Ava L. Liberman, Jillian Skillings, Penny Greenberg, David E. Newman-Toker, Dana Siegal

Research output: Contribution to journalArticlepeer-review

Abstract

Background: Misdiagnosis of dangerous cerebrovascular disease is a substantial public health problem. We sought to identify and describe breakdowns in the diagnostic process among patients with ischemic stroke to facilitate future improvements in diagnostic accuracy. Methods: We performed a retrospective, descriptive study of medical malpractice claims housed in the Controlled Risk Insurance Company (CRICO) Strategies Comparative Benchmarking System (CBS) database from 1/1/2006 to 1/1/2016 involving ischemic stroke patients. Baseline claimant demographics, clinical setting, primary allegation category, and outcomes were abstracted. Among cases with a primary diagnosis-related allegation, we detail presenting symptoms and diagnostic breakdowns using CRICO's proprietary taxonomy.
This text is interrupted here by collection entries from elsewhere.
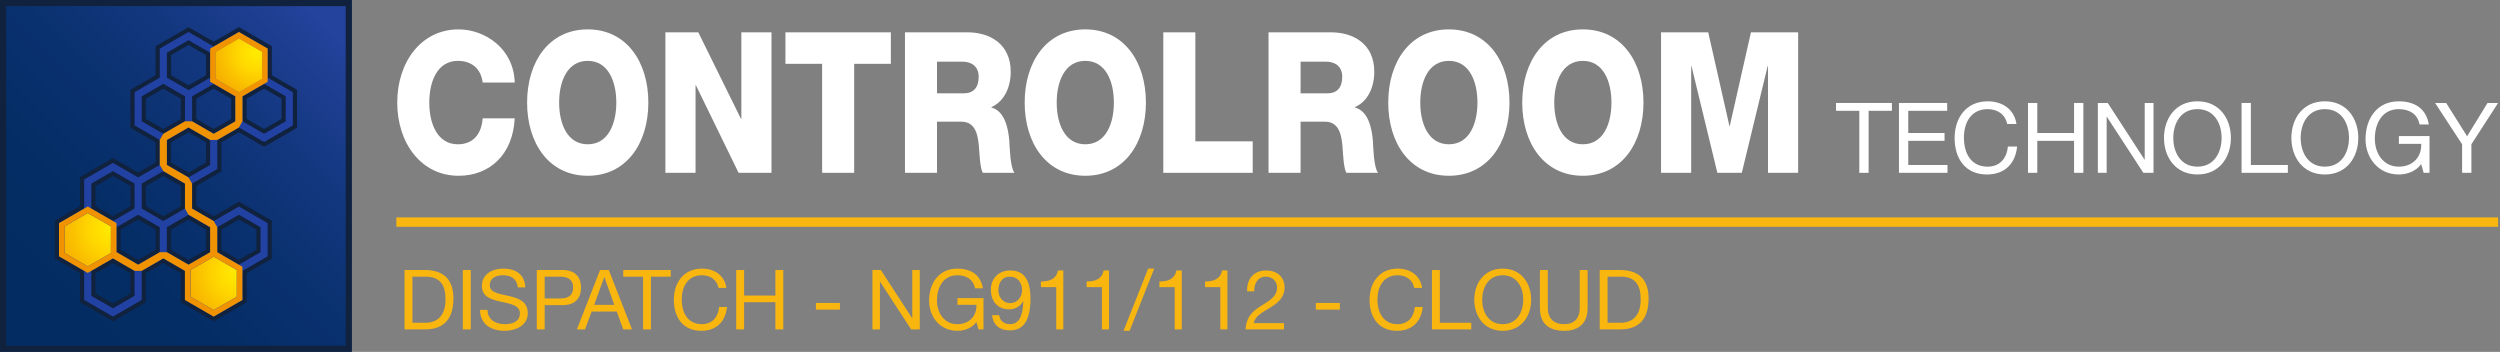 <?xml version="1.0" encoding="UTF-8"?>
<svg id="Outline" xmlns="http://www.w3.org/2000/svg" width="1350" height="190" xmlns:xlink="http://www.w3.org/1999/xlink" viewBox="0 0 1350 190">
  <rect x="0" y="0" width="1350" height="190" fill="#808080" stroke="none"/>
  <defs>
    <linearGradient id="linear-gradient" x1="176.93" y1="13.757" x2="12.842" y2="177.845" gradientTransform="translate(-.689)" gradientUnits="userSpaceOnUse">
      <stop offset="0" stop-color="#24439d"/>
      <stop offset=".023" stop-color="#224199"/>
      <stop offset=".24" stop-color="#143881"/>
      <stop offset=".469" stop-color="#0a316f"/>
      <stop offset=".713" stop-color="#042d65"/>
      <stop offset="1" stop-color="#032c62"/>
    </linearGradient>
    <radialGradient id="ccr-primary-gradient" cx="5739.06" cy="1887.44" fx="5739.06" fy="1887.44" r="41.205" gradientTransform="translate(2015.717 -5591.91) rotate(90)" gradientUnits="userSpaceOnUse">
      <stop offset="0" stop-color="#ffec00"/>
      <stop offset=".275" stop-color="#ffd800"/>
      <stop offset="1" stop-color="#f19300"/>
    </radialGradient>
    <radialGradient id="ccr-primary-gradient-2" data-name="ccr-primary-gradient" cx="5715.482" cy="1955.434" fx="5715.482" fy="1955.434" r="41.202" xlink:href="#ccr-primary-gradient"/>
    <radialGradient id="ccr-primary-gradient-3" data-name="ccr-primary-gradient" cx="5620.567" cy="1877.424" fx="5620.567" fy="1877.424" r="34.294" xlink:href="#ccr-primary-gradient"/>
    <radialGradient id="ccr-primary-gradient-4" data-name="ccr-primary-gradient" cx="5620.567" cy="1877.424" fx="5620.567" fy="1877.424" r="34.294" xlink:href="#ccr-primary-gradient"/>
  </defs>
  <rect x="214.035" y="117.399" width="1134.938" height="5.073" style="fill: #f9b60f;"/>
  <g>
    <g>
      <rect x="1.5" y="1.5" width="186.996" height="187" style="fill: url(#linear-gradient);"/>
      <path d="m186.996,3v184H3V3h183.996M189.996 0H0v190h189.996V0h0Z" style="fill: #24439d;"/>
    </g>
    <path d="m186.677,3.319v183.362H3.319V3.319h183.358M189.996,0H0v190h189.996V0h0Z" style="fill: #10223e;"/>
    <g>
      <polygon points="133.19 64.197 142.613 69.639 152.036 64.198 152.036 53.319 142.613 47.881 134.245 52.71 133.19 53.319 133.19 64.197" style="fill: none;"/>
      <polygon points="111.22 76.878 101.801 71.44 99.483 72.78 92.377 76.878 92.377 87.754 101.801 93.198 111.22 87.76 111.22 76.878" style="fill: none;"/>
      <polygon points="124.826 53.319 120.948 51.074 115.405 47.881 105.983 53.319 105.983 64.198 115.405 69.639 124.826 64.198 124.826 53.319" style="fill: none;"/>
      <polygon points="119.586 29.753 119.586 40.63 129.009 46.073 138.432 40.634 138.432 29.753 129.009 24.315 119.586 29.753" style="fill: none;"/>
      <polygon points="52.1 137.599 56.808 134.883 56.808 129.441 56.808 124.003 47.382 118.563 37.964 124.003 37.96 134.883 47.388 140.321 52.1 137.599" style="fill: none;"/>
      <polygon points="92.377 134.883 101.801 140.321 109.115 136.101 111.226 134.883 111.22 124.003 101.801 118.563 96.463 121.643 92.378 124.003 92.377 134.883" style="fill: none;"/>
      <polygon points="124.833 158.449 124.828 147.567 117.821 143.52 115.407 142.125 105.983 147.567 105.983 158.449 115.407 163.891 124.833 158.449" style="fill: none;"/>
      <polygon points="119.586 134.879 129.014 140.321 138.432 134.883 138.432 124.003 129.009 118.563 119.586 124.003 119.586 129.441 119.586 134.879" style="fill: none;"/>
      <polygon points="84.015 124.003 79.776 121.557 74.594 118.563 67.402 122.713 65.17 124.003 65.17 134.879 74.597 140.321 84.015 134.883 84.015 124.003" style="fill: none;"/>
      <polygon points="70.409 158.449 70.409 147.567 60.988 142.129 51.567 147.567 51.567 158.449 60.988 163.887 70.409 158.449" style="fill: none;"/>
      <polygon points="51.567 100.441 51.564 111.319 60.988 116.761 65.701 114.041 70.413 111.323 70.413 100.441 60.988 95 51.567 100.441" style="fill: none;"/>
      <polygon points="92.378 29.753 92.378 40.63 101.801 46.073 111.22 40.63 111.22 29.753 101.801 24.315 92.378 29.753" style="fill: none;"/>
      <polygon points="97.619 64.198 97.619 58.757 97.619 53.319 88.198 47.881 78.773 53.319 78.773 64.198 88.198 69.639 97.619 64.198" style="fill: none;"/>
      <polygon points="78.773 111.319 88.202 116.761 97.615 111.323 97.619 100.438 97.07 100.121 88.195 95.003 78.773 100.438 78.773 111.319" style="fill: none;"/>
      <path d="m105.983,100.438l13.603-7.848v-15.712l9.419-5.438,13.613,7.853,17.779-10.269v-20.538l-13.602-7.853v-15.708l-17.785-10.267-13.604,7.856-13.604-7.853-17.786,10.269v15.699l-13.606,7.856v20.541l13.606,7.85v10.883l-9.421,5.437-13.606-7.853-17.788,10.269v15.71l-13.605,7.854.003,20.534,13.602,7.853v15.713l17.792,10.261,17.782-10.261v-15.711l9.425-5.442,9.421,5.442v15.711l17.786,10.266,17.792-10.266v-15.713l13.598-7.853v-20.534l-17.785-10.267-13.604,7.85-9.422-5.438v-10.886Zm-4.182,18.125l9.419,5.44.007,10.88-9.425,5.438-9.424-5.438.001-10.88,9.423-5.44Zm27.208,0l9.423,5.44v10.88l-9.419,5.438-9.427-5.442v-10.876l9.423-5.44Zm-23.026,29.004l9.424-5.442,9.421,5.442.004,10.882-9.425,5.443-9.424-5.443v-10.882Zm-68.019-23.564l9.418-5.44,9.426,5.44v10.88l-9.42,5.438-9.428-5.438.004-10.88Zm104.649-76.122l9.423,5.439v10.878l-9.423,5.442-9.423-5.443v-10.877l9.423-5.439Zm-50.236,39.873v-10.876l9.424-5.438,9.419,5.438v10.883l-9.419,5.437-9.424-5.444Zm13.606-23.556v-10.878l9.422-5.439,9.421,5.439v10.878l-9.421,5.442-9.422-5.442Zm32.449-23.564l-9.423,5.44-9.423-5.443v-10.877l9.423-5.439,9.423,5.439v10.88Zm-27.212-.003l-9.419,5.443-9.423-5.443v-10.877l9.423-5.439,9.419,5.439v10.877Zm-32.447,12.689l9.425-5.439,9.421,5.439v10.878l-9.421,5.442-9.425-5.442v-10.878Zm18.846,47.118l-.004,10.886-9.413,5.438-9.428-5.442v-10.881l9.422-5.434,9.424,5.434Zm-27.206,10.886l-9.425,5.438-9.424-5.442.003-10.878,9.421-5.441,9.425,5.441v10.883Zm-18.846,36.243l9.421-5.438,9.421,5.438v10.882l-9.421,5.439-9.421-5.439v-10.882Zm13.603-12.688v-10.876l9.424-5.44,9.421,5.44v10.88l-9.418,5.438-9.427-5.442Z" style="fill: #10223e;"/>
    </g>
    <path d="m117.324,91.285v-15.713l11.68-6.742,13.609,7.85,15.521-8.964v-17.921l-13.6-7.854v-15.708l-15.52-8.965-13.612,7.858-13.601-7.849-15.524,8.958v15.706l-13.605,7.854v17.93l13.605,7.847v13.493l-11.683,6.745-13.606-7.854-15.524,8.962v15.715l-13.604,7.853.001,17.923,13.603,7.851v15.716l15.527,8.954,15.522-8.954v-15.713l11.686-6.748,11.684,6.749v15.713l15.527,8.954,15.522-8.954v-15.715l13.6-7.852v-17.928l-15.523-8.96-13.602,7.852-11.687-6.745v-13.495l13.604-7.848Zm-1.919-19.035l-11.685-6.747v-13.491l11.683-6.74,11.686,6.739v13.495l-11.683,6.743Zm38.893-6.747l-11.685,6.747-11.685-6.747v-13.488l11.688-6.743,11.682,6.74v13.491Zm-25.29-43.795l11.684,6.744v13.488l-11.685,6.746-11.682-6.745v-13.489l11.682-6.744Zm-38.891,6.744l11.683-6.746,11.684,6.745v13.489l-11.684,6.746-11.683-6.746v-13.487Zm-13.605,37.05v-13.491l11.685-6.741,11.684,6.741v13.491l-11.684,6.747-11.685-6.747Zm-27.207,33.632l11.682-6.746,11.687,6.746v13.492l-11.686,6.746-11.689-6.748.005-13.49Zm-13.605,23.56l11.678-6.74,11.691,6.743.002,13.488-11.686,6.746-11.687-6.746.001-13.492Zm36.971,37.064l-11.684,6.739-11.682-6.739v-13.496l11.682-6.746,11.684,6.744v13.498Zm13.605-23.572l-11.681,6.748-11.687-6.751v-13.485l11.687-6.742,11.681,6.744v13.487Zm1.921-16.814l-.224-.129-11.461-6.62v-13.491l11.684-6.741,11.686,6.743-.005,13.493-11.679,6.745Zm27.209,47.125l-11.682-6.739v-13.498l11.682-6.744,11.684,6.745v13.496l-11.684,6.739Zm13.602-50.545l11.687,6.741v13.492l-11.685,6.746-11.687-6.751.002-13.486,11.683-6.741Zm-15.523,6.745l.002,13.488-11.687,6.747-11.687-6.747.003-13.487,11.684-6.746,11.685,6.745Zm-11.682-26.887l-11.691-6.75v-13.486l11.687-6.745,11.685,6.745v13.492l-11.682,6.744Z" style="fill: #2242a3;"/>
    <polygon points="102.888 145.809 115.381 138.598 127.873 145.809 127.868 160.235 115.381 167.444 102.888 160.235 102.888 145.809" style="fill: url(#ccr-primary-gradient);"/>
    <polygon points="34.896 122.23 47.388 115.021 59.878 122.23 59.874 136.654 47.388 143.865 34.896 136.654 34.896 122.23" style="fill: url(#ccr-primary-gradient-2);"/>
    <path d="m129.009,17.271l-15.523,8.964v17.921l13.585,7.846.022,13.502-11.688,6.746-11.685-6.743-3.837-.004-11.684,6.747-1.921,3.322v13.495l1.924,3.322,11.681,6.744v13.491l1.919,3.33,11.685,6.745v13.49l-11.688,6.747.002-.004-11.687-6.745h-3.836l-11.685,6.747-11.68-6.807v-15.645l-15.524-8.962-15.528,8.962.001,17.928,15.527,8.962,13.6-7.851,11.684,6.741,3.841.001,11.682-6.748,11.656,6.725.004,15.749,15.527,8.961,15.523-8.961v-17.928l-13.58-7.844v-13.518l-1.919-3.323-11.686-6.747v-13.493l-1.918-3.323-11.687-6.745.004-13.492,11.68-6.745,11.691,6.745h3.835l11.681-6.745,1.923-3.328v-13.49l13.604-7.857v-17.924l-15.523-8.961Zm-69.135,119.383l-12.486,7.212-12.492-7.212v-14.424l12.492-7.208,12.49,7.208-.004,14.424Zm67.999,9.155l-.004,14.427-12.487,7.208-12.493-7.208v-14.427l12.493-7.21,12.491,7.21Zm1.136-96.074l-12.491-7.21v-14.421l12.491-7.214,12.489,7.214.002,14.424-12.491,7.207Z" style="fill: #f19300;"/>
    <polygon points="116.518 28.104 129.009 20.89 141.498 28.104 141.5 42.528 129.009 49.735 116.518 42.524 116.518 28.104" style="fill: url(#ccr-primary-gradient-3);"/>
    <polygon points="116.518 28.104 129.009 20.89 141.498 28.104 141.5 42.528 129.009 49.735 116.518 42.524 116.518 28.104" style="fill: url(#ccr-primary-gradient-4);"/>
  </g>
  <g>
    <path d="m218.447,145.812h11.002c9.88,0,15.403,4.939,15.403,15.269,0,10.732-4.716,16.795-15.403,16.795h-11.002v-32.063Zm4.266,28.471h7.096c2.919,0,10.777-.809,10.777-12.619,0-7.634-2.829-12.259-10.688-12.259h-7.186v24.878Z" style="fill: #f9b60f;"/>
    <path d="m249.931,145.812h4.266v32.063h-4.266v-32.063Z" style="fill: #f9b60f;"/>
    <path d="m279.614,155.198c-.494-4.581-3.547-6.557-7.948-6.557-3.593,0-7.185,1.302-7.185,5.479,0,3.952,5.119,4.535,10.283,5.703,5.119,1.168,10.238,2.964,10.238,9.251,0,6.825-6.69,9.564-12.528,9.564-7.186,0-13.248-3.502-13.248-11.316h4.042c0,5.39,4.49,7.725,9.341,7.725,3.861,0,8.128-1.213,8.128-5.838,0-4.401-5.119-5.164-10.238-6.287-5.12-1.123-10.284-2.604-10.284-8.487,0-6.512,5.793-9.386,11.631-9.386,6.557,0,11.541,3.099,11.811,10.149h-4.042Z" style="fill: #f9b60f;"/>
    <path d="m289.857,145.812h14.056c6.377,0,9.834,3.548,9.834,9.476s-3.457,9.52-9.834,9.475h-9.79v13.113h-4.266v-32.063Zm4.266,15.358h8.353c4.806.045,7.006-2.066,7.006-5.883,0-3.817-2.2-5.883-7.006-5.883h-8.353v11.766Z" style="fill: #f9b60f;"/>
    <path d="m324.035,145.812h4.715l12.529,32.063h-4.716l-3.502-9.655h-13.562l-3.592,9.655h-4.401l12.529-32.063Zm-3.188,18.815h10.867l-5.344-14.953h-.09l-5.434,14.953Z" style="fill: #f9b60f;"/>
    <path d="m347.255,149.405h-10.688v-3.593h25.642v3.593h-10.688v28.471h-4.267v-28.471Z" style="fill: #f9b60f;"/>
    <path d="m387.988,155.468c-.898-4.536-4.535-6.826-8.981-6.826-7.634,0-10.867,6.287-10.867,12.978,0,7.32,3.233,13.428,10.912,13.428,5.613,0,8.847-3.952,9.251-9.251h4.266c-.808,7.993-5.793,12.843-13.876,12.843-9.969,0-14.819-7.364-14.819-16.705,0-9.295,5.299-16.885,15.179-16.885,6.691,0,12.215,3.593,13.202,10.419h-4.266Z" style="fill: #f9b60f;"/>
    <path d="m397.558,145.812h4.266v13.786h16.885v-13.786h4.267v32.063h-4.267v-14.685h-16.885v14.685h-4.266v-32.063Z" style="fill: #f9b60f;"/>
    <path d="m440.583,163.596h12.979v3.592h-12.979v-3.592Z" style="fill: #f9b60f;"/>
    <path d="m471.123,145.812h4.535l16.885,26.001h.09v-26.001h4.042v32.063h-4.67l-16.751-25.731h-.09v25.731h-4.041v-32.063Z" style="fill: #f9b60f;"/>
    <path d="m527.26,173.879c-2.47,3.368-6.511,4.76-10.283,4.76-9.565,0-15.269-7.813-15.269-16.166,0-9.341,5.12-17.424,15.269-17.424,7.006,0,12.574,3.144,13.786,10.643h-4.266c-.854-4.85-4.761-7.05-9.521-7.05-7.769,0-11.002,6.736-11.002,13.606,0,6.691,3.862,12.799,11.002,12.799,6.602,0,10.553-4.626,10.283-10.464h-10.238v-3.592h14.056v16.885h-2.694l-1.123-3.997Z" style="fill: #f9b60f;"/>
    <path d="m539.568,170.196c.27,3.099,2.784,4.851,5.838,4.851,4.67,0,6.96-4.087,7.185-12.305l-.09-.09c-1.437,2.694-4.266,4.401-7.364,4.401-6.467,0-10.06-4.356-10.06-10.644,0-6.152,4.312-10.373,10.464-10.373,5.928,0,10.912,3.188,10.912,15.224,0,11.002-3.323,17.154-11.047,17.154-5.344,0-9.161-2.739-9.655-8.219h3.817Zm5.793-20.791c-4.536,0-6.242,3.637-6.242,7.544,0,3.503,2.604,6.736,6.287,6.736,3.996,0,6.512-3.233,6.512-7.006,0-3.907-2.291-7.274-6.557-7.274Z" style="fill: #f9b60f;"/>
    <path d="m574.194,177.876h-3.816v-22.812h-8.263v-3.054c4.355,0,8.308-1.168,9.16-5.973h2.919v31.839Z" style="fill: #f9b60f;"/>
    <path d="m598.852,177.876h-3.816v-22.812h-8.263v-3.054c4.355,0,8.308-1.168,9.16-5.973h2.919v31.839Z" style="fill: #f9b60f;"/>
    <path d="m620.007,145.049h3.278l-13.293,33.59h-3.278l13.293-33.59Z" style="fill: #f9b60f;"/>
    <path d="m638.15,177.876h-3.816v-22.812h-8.263v-3.054c4.355,0,8.308-1.168,9.16-5.973h2.919v31.839Z" style="fill: #f9b60f;"/>
    <path d="m662.808,177.876h-3.816v-22.812h-8.263v-3.054c4.355,0,8.308-1.168,9.16-5.973h2.919v31.839Z" style="fill: #f9b60f;"/>
    <path d="m673.453,157.309c-.314-6.467,3.503-11.271,10.239-11.271,5.568,0,9.969,3.233,9.969,9.161,0,5.613-3.771,8.442-7.724,10.912-3.997,2.425-8.173,4.445-8.937,8.397h16.346v3.368h-20.791c.628-7.545,4.445-10.239,8.937-13.023,5.389-3.323,8.128-5.299,8.128-9.699,0-3.458-2.784-5.748-6.152-5.748-4.446,0-6.332,4.086-6.197,7.903h-3.817Z" style="fill: #f9b60f;"/>
    <path d="m710.552,163.596h12.979v3.592h-12.979v-3.592Z" style="fill: #f9b60f;"/>
    <path d="m763.68,155.468c-.898-4.536-4.535-6.826-8.981-6.826-7.634,0-10.867,6.287-10.867,12.978,0,7.32,3.233,13.428,10.912,13.428,5.613,0,8.847-3.952,9.251-9.251h4.266c-.808,7.993-5.793,12.843-13.876,12.843-9.969,0-14.819-7.364-14.819-16.705,0-9.295,5.299-16.885,15.179-16.885,6.691,0,12.215,3.593,13.202,10.419h-4.266Z" style="fill: #f9b60f;"/>
    <path d="m773.249,145.812h4.266v28.471h16.975v3.593h-21.24v-32.063Z" style="fill: #f9b60f;"/>
    <path d="m811.468,145.049c10.194,0,15.358,8.083,15.358,16.795s-5.164,16.795-15.358,16.795c-10.193,0-15.358-8.083-15.358-16.795s5.165-16.795,15.358-16.795Zm0,29.998c7.813,0,11.092-6.736,11.092-13.203,0-6.466-3.278-13.202-11.092-13.202s-11.092,6.736-11.092,13.202c0,6.467,3.278,13.203,11.092,13.203Z" style="fill: #f9b60f;"/>
    <path d="m857.321,166.29c0,8.083-4.626,12.349-12.619,12.349-8.263,0-13.157-3.816-13.157-12.349v-20.478h4.266v20.478c0,5.658,3.233,8.757,8.892,8.757,5.389,0,8.353-3.099,8.353-8.757v-20.478h4.267v20.478Z" style="fill: #f9b60f;"/>
    <path d="m863.837,145.812h11.002c9.88,0,15.403,4.939,15.403,15.269,0,10.732-4.716,16.795-15.403,16.795h-11.002v-32.063Zm4.266,28.471h7.096c2.919,0,10.777-.809,10.777-12.619,0-7.634-2.829-12.259-10.688-12.259h-7.186v24.878Z" style="fill: #f9b60f;"/>
  </g>
  <g>
    <path d="m260.64,44.554c-.93-7.649-6.138-11.688-13.393-11.688-11.16,0-15.438,11.263-15.438,22.524,0,11.263,4.278,22.524,15.438,22.524,8.092,0,12.741-5.312,13.393-14.024h17.299c-.931,19.55-13.485,31.024-30.319,31.024-20.088,0-33.108-17.531-33.108-39.524s13.021-39.523,33.108-39.523c14.322,0,29.854,10.412,30.319,28.687h-17.299Z" style="fill: #fff;"/>
    <path d="m317.371,15.867c20.926,0,32.737,17.53,32.737,39.523s-11.812,39.524-32.737,39.524-32.736-17.531-32.736-39.524,11.811-39.523,32.736-39.523Zm0,62.048c11.16,0,15.438-11.262,15.438-22.524,0-11.262-4.278-22.524-15.438-22.524s-15.438,11.263-15.438,22.524c0,11.263,4.278,22.524,15.438,22.524Z" style="fill: #fff;"/>
    <path d="m359.316,17.461h17.763l23.064,46.748h.187V17.461h16.275v75.86h-17.764l-23.064-47.28h-.186v47.28h-16.275V17.461Z" style="fill: #fff;"/>
    <path d="m481.057,34.46h-19.81v58.861h-17.299v-58.861h-19.81v-16.999h56.918v16.999Z" style="fill: #fff;"/>
    <path d="m488.683,17.461h33.853c11.719,0,23.251,6.056,23.251,21.355,0,8.181-3.441,15.937-10.416,19.019v.212c7.067,1.913,9.114,10.943,9.672,18.168.186,3.188.465,14.344,2.79,17.106h-17.112c-1.488-2.55-1.768-9.987-1.953-12.112-.465-7.649-1.581-15.512-9.672-15.512h-13.113v27.624h-17.299V17.461Zm17.299,32.937h14.508c5.208,0,7.998-3.188,7.998-8.925,0-5.631-3.906-8.181-8.742-8.181h-13.764v17.105Z" style="fill: #fff;"/>
    <path d="m586.056,15.867c20.926,0,32.737,17.53,32.737,39.523s-11.812,39.524-32.737,39.524-32.736-17.531-32.736-39.524,11.811-39.523,32.736-39.523Zm0,62.048c11.16,0,15.438-11.262,15.438-22.524,0-11.262-4.278-22.524-15.438-22.524s-15.438,11.263-15.438,22.524c0,11.263,4.278,22.524,15.438,22.524Z" style="fill: #fff;"/>
    <path d="m628.187,17.461h17.299v58.86h30.97v17h-48.269V17.461Z" style="fill: #fff;"/>
    <path d="m685.011,17.461h33.853c11.719,0,23.251,6.056,23.251,21.355,0,8.181-3.441,15.937-10.416,19.019v.212c7.067,1.913,9.114,10.943,9.672,18.168.186,3.188.465,14.344,2.79,17.106h-17.112c-1.488-2.55-1.768-9.987-1.953-12.112-.465-7.649-1.581-15.512-9.672-15.512h-13.113v27.624h-17.299V17.461Zm17.299,32.937h14.508c5.208,0,7.998-3.188,7.998-8.925,0-5.631-3.906-8.181-8.742-8.181h-13.764v17.105Z" style="fill: #fff;"/>
    <path d="m782.384,15.867c20.926,0,32.737,17.53,32.737,39.523s-11.812,39.524-32.737,39.524-32.736-17.531-32.736-39.524,11.811-39.523,32.736-39.523Zm0,62.048c11.16,0,15.438-11.262,15.438-22.524,0-11.262-4.278-22.524-15.438-22.524s-15.438,11.263-15.438,22.524c0,11.263,4.278,22.524,15.438,22.524Z" style="fill: #fff;"/>
    <path d="m854.74,15.867c20.926,0,32.737,17.53,32.737,39.523s-11.812,39.524-32.737,39.524-32.736-17.531-32.736-39.524,11.811-39.523,32.736-39.523Zm0,62.048c11.16,0,15.438-11.262,15.438-22.524,0-11.262-4.278-22.524-15.438-22.524s-15.438,11.263-15.438,22.524c0,11.263,4.278,22.524,15.438,22.524Z" style="fill: #fff;"/>
    <path d="m896.964,17.461h25.482l11.439,50.573h.187l11.439-50.573h25.482v75.86h-16.275v-57.586h-.187l-13.95,57.586h-13.206l-13.95-57.586h-.187v57.586h-16.275V17.461Z" style="fill: #fff;"/>
    <path d="m1004.036,59.829h-12.573v-4.226h30.164v4.226h-12.573v33.492h-5.018v-33.492Z" style="fill: #fff;"/>
    <path d="m1025.434,55.604h26.044v4.226h-21.025v11.992h19.599v4.226h-19.599v13.048h21.184v4.227h-26.202v-37.718Z" style="fill: #fff;"/>
    <path d="m1083.862,66.961c-1.057-5.336-5.335-8.029-10.564-8.029-8.98,0-12.784,7.396-12.784,15.267,0,8.61,3.804,15.795,12.837,15.795,6.603,0,10.406-4.648,10.882-10.882h5.019c-.951,9.402-6.814,15.107-16.323,15.107-11.728,0-17.433-8.663-17.433-19.651,0-10.935,6.233-19.862,17.855-19.862,7.871,0,14.368,4.227,15.53,12.256h-5.019Z" style="fill: #fff;"/>
    <path d="m1095.118,55.604h5.019v16.218h19.862v-16.218h5.019v37.718h-5.019v-17.274h-19.862v17.274h-5.019v-37.718Z" style="fill: #fff;"/>
    <path d="m1132.84,55.604h5.336l19.862,30.586h.105v-30.586h4.755v37.718h-5.494l-19.704-30.27h-.105v30.27h-4.755v-37.718Z" style="fill: #fff;"/>
    <path d="m1186.621,54.705c11.991,0,18.066,9.509,18.066,19.757s-6.075,19.757-18.066,19.757c-11.992,0-18.066-9.509-18.066-19.757s6.074-19.757,18.066-19.757Zm0,35.288c9.191,0,13.048-7.924,13.048-15.531,0-7.606-3.856-15.53-13.048-15.53-9.192,0-13.049,7.924-13.049,15.53,0,7.607,3.856,15.531,13.049,15.531Z" style="fill: #fff;"/>
    <path d="m1210.449,55.604h5.019v33.491h19.969v4.227h-24.987v-37.718Z" style="fill: #fff;"/>
    <path d="m1255.409,54.705c11.991,0,18.066,9.509,18.066,19.757s-6.075,19.757-18.066,19.757c-11.992,0-18.066-9.509-18.066-19.757s6.074-19.757,18.066-19.757Zm0,35.288c9.191,0,13.048-7.924,13.048-15.531,0-7.606-3.856-15.53-13.048-15.53-9.192,0-13.049,7.924-13.049,15.53,0,7.607,3.856,15.531,13.049,15.531Z" style="fill: #fff;"/>
    <path d="m1307.446,88.619c-2.905,3.962-7.659,5.6-12.097,5.6-11.252,0-17.961-9.191-17.961-19.017,0-10.988,6.022-20.497,17.961-20.497,8.241,0,14.791,3.698,16.218,12.52h-5.019c-1.004-5.705-5.6-8.293-11.199-8.293-9.139,0-12.942,7.924-12.942,16.006,0,7.871,4.543,15.056,12.942,15.056,7.766,0,12.414-5.441,12.097-12.309h-12.044v-4.227h16.534v19.863h-3.169l-1.321-4.702Z" style="fill: #fff;"/>
    <path d="m1334.551,77.896v15.426h-5.019v-15.426l-14.58-22.292h5.97l11.305,17.961,11.04-17.961h5.706l-14.422,22.292Z" style="fill: #fff;"/>
  </g>
</svg>

Results: A total of 478 claims met inclusion criteria; 235 (49.2%) with diagnostic error. Diagnostic errors originated in the emergency department (ED) in 46.4% (n = 109) of cases, outpatient clinic in 27.7% (n = 65), and inpatient setting in 25.1% (n = 59). Across care-settings, the most frequent process breakdown was in the initial patient-provider encounter [76.2% (n = 179 cases)]. Failure to assess, communicate, and respond to ongoing symptoms was the component of the patient-provider encounter most frequently identified as a source of misdiagnosis in the ED. Exclusively non-traditional presenting symptoms occurred in 35.7% (n = 84), mixed traditional and non-traditional symptoms in 30.6% (n = 72), and exclusively traditional in 23.8% (n = 56) of diagnostic error cases. Conclusions: Among ischemic stroke patients, breakdowns in the initial patient-provider encounter were the most frequent source of diagnostic error. Targeted interventions should focus on the initial diagnostic encounter, particularly for ischemic stroke patients with atypical symptoms.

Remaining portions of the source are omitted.